[EM] IRV vs Plurality
Kristofer Munsterhjelm
km-elmet at broadpark.no
Sun Jan 17 01:50:55 PST 2010
robert bristow-johnson wrote:
> we can continue on like this with more discrete levels and all we'll get
> are gradations of the above. it's all a matter of degree.
>
> but the 2-position slider is a 1-bit piece of information: "No","Yes",
> that's the minimum a voter has to judge. that's qualitatively
> different. here's why: with the multi-level (3 or more), then order
> has to be considered with candidates that you approve or disapprove.
>
> but the multi-level or continuous slider (3+) requires *more* than just
> ordering information (who is preferred to whom?), it requires *spacing*
> information. like "i hate candidate D worse than i hate C whom i
> dislike more than B whom i like less than A." you have to decide that D
> is twice as badder than C than C is badder than B or some other value
> judgement. what if you just don't feel like making such a precise
> judgement? then you get your dartboard.

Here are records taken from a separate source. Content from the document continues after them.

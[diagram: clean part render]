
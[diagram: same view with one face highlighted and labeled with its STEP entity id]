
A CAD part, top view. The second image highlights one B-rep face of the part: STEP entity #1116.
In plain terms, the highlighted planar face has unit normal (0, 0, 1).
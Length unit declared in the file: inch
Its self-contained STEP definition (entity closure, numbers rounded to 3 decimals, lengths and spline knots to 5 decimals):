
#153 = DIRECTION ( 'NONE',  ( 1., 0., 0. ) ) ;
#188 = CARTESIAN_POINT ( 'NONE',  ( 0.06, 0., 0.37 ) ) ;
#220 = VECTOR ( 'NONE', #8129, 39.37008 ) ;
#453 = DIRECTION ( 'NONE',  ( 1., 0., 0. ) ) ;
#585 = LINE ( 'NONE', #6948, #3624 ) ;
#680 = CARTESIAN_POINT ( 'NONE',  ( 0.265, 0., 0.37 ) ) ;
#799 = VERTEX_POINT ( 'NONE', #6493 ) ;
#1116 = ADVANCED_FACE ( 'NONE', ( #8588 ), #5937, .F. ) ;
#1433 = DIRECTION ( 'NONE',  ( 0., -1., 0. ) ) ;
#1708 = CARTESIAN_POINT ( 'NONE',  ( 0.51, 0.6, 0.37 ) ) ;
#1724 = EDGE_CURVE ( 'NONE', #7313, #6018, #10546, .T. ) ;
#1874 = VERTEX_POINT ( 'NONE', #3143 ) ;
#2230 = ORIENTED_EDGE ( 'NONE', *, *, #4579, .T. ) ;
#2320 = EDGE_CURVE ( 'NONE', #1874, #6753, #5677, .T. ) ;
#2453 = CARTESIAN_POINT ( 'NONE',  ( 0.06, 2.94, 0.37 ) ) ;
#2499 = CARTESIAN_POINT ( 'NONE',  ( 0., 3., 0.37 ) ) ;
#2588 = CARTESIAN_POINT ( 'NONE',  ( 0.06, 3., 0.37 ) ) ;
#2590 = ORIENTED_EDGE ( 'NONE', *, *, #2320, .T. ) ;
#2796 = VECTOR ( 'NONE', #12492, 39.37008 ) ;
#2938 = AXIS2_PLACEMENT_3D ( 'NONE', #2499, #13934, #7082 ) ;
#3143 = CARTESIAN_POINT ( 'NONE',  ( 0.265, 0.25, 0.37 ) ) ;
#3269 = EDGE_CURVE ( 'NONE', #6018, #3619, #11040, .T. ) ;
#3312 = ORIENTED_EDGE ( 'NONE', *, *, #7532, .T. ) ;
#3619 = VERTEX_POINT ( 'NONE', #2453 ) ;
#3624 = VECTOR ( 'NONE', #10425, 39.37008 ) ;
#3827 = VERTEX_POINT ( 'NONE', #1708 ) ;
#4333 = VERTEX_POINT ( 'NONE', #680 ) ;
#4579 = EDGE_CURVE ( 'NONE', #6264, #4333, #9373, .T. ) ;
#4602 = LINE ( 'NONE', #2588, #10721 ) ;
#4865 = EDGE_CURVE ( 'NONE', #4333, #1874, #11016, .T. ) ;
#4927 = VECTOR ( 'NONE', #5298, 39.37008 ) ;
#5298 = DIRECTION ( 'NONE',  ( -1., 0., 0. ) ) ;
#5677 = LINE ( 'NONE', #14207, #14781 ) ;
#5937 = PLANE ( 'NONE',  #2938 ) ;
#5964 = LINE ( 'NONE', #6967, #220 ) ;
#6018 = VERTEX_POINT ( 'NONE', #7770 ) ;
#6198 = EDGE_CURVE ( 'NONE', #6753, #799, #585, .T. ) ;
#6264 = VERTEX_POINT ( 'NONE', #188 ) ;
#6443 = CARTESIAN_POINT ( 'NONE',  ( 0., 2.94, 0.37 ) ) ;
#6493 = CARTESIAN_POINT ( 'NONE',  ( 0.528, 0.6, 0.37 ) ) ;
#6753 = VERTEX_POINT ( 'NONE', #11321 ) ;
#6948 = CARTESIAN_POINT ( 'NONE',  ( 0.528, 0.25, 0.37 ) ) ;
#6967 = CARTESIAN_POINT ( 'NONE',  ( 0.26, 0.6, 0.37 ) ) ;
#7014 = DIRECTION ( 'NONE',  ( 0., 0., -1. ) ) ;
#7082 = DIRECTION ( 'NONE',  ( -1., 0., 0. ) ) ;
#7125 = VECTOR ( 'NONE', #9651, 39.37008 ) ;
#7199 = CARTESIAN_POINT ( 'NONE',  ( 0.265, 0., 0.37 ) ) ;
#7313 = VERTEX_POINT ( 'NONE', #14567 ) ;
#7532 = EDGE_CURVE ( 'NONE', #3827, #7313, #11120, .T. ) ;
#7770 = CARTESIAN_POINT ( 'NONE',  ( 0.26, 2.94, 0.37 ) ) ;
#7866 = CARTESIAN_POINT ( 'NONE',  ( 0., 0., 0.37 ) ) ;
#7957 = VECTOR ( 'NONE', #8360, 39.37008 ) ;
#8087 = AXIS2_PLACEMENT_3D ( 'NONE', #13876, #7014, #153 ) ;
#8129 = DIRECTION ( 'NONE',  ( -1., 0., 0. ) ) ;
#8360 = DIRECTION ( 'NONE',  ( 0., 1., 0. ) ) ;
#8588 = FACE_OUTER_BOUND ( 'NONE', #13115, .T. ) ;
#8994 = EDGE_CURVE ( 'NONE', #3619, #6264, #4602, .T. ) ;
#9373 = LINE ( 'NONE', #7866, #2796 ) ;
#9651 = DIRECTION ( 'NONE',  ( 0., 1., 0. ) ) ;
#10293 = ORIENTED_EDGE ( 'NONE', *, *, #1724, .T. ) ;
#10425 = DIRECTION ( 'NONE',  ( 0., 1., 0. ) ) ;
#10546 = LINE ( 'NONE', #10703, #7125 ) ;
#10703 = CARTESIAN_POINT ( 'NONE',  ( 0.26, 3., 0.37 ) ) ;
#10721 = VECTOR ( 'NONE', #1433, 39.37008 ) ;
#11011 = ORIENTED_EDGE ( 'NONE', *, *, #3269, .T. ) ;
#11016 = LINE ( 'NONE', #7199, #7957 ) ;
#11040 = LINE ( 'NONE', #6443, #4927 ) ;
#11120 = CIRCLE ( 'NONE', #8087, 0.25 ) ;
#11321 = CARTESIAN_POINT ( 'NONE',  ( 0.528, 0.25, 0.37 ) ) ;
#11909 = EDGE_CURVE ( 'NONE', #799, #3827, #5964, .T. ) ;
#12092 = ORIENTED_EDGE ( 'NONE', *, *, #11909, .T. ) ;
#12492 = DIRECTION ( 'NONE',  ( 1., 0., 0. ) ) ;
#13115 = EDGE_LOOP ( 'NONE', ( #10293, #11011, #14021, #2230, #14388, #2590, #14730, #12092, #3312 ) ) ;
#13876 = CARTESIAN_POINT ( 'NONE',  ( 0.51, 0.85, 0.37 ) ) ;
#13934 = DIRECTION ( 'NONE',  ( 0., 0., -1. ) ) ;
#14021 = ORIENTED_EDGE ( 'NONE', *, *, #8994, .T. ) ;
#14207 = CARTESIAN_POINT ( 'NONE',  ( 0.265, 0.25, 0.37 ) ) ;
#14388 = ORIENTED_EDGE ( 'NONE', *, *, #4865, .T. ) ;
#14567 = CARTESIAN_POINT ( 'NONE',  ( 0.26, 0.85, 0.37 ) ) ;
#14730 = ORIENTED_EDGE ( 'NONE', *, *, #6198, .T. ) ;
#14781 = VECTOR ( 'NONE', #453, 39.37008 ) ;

To me, it seems that the method becomes Approval-like when (number of
graduations) is less than (number of candidates). When that is the case,
you *have* to rate some candidates equal, unless you opt not to rate
them at all.
That won't make much of a difference when the number of candidates is
huge (100 or so), but then, rating 100 candidates would be a pain. I'd
say it would be better to just have plain yes/no Approval for a "first
round", then pick the 5-10 most approved for a second round (using
Range, Condorcet, whatever). Or use minmax approval or PAV or somesuch,
as long as it homes in on the likely winners of a full vote.
I guess that if you (hypothetically speaking) like Range, you could
argue that while there's a "dartboard" effect, the noise is unbiased and
so will cancel itself out given enough voters: the voters may not hit
exactly at the satisfaction point, but close enough.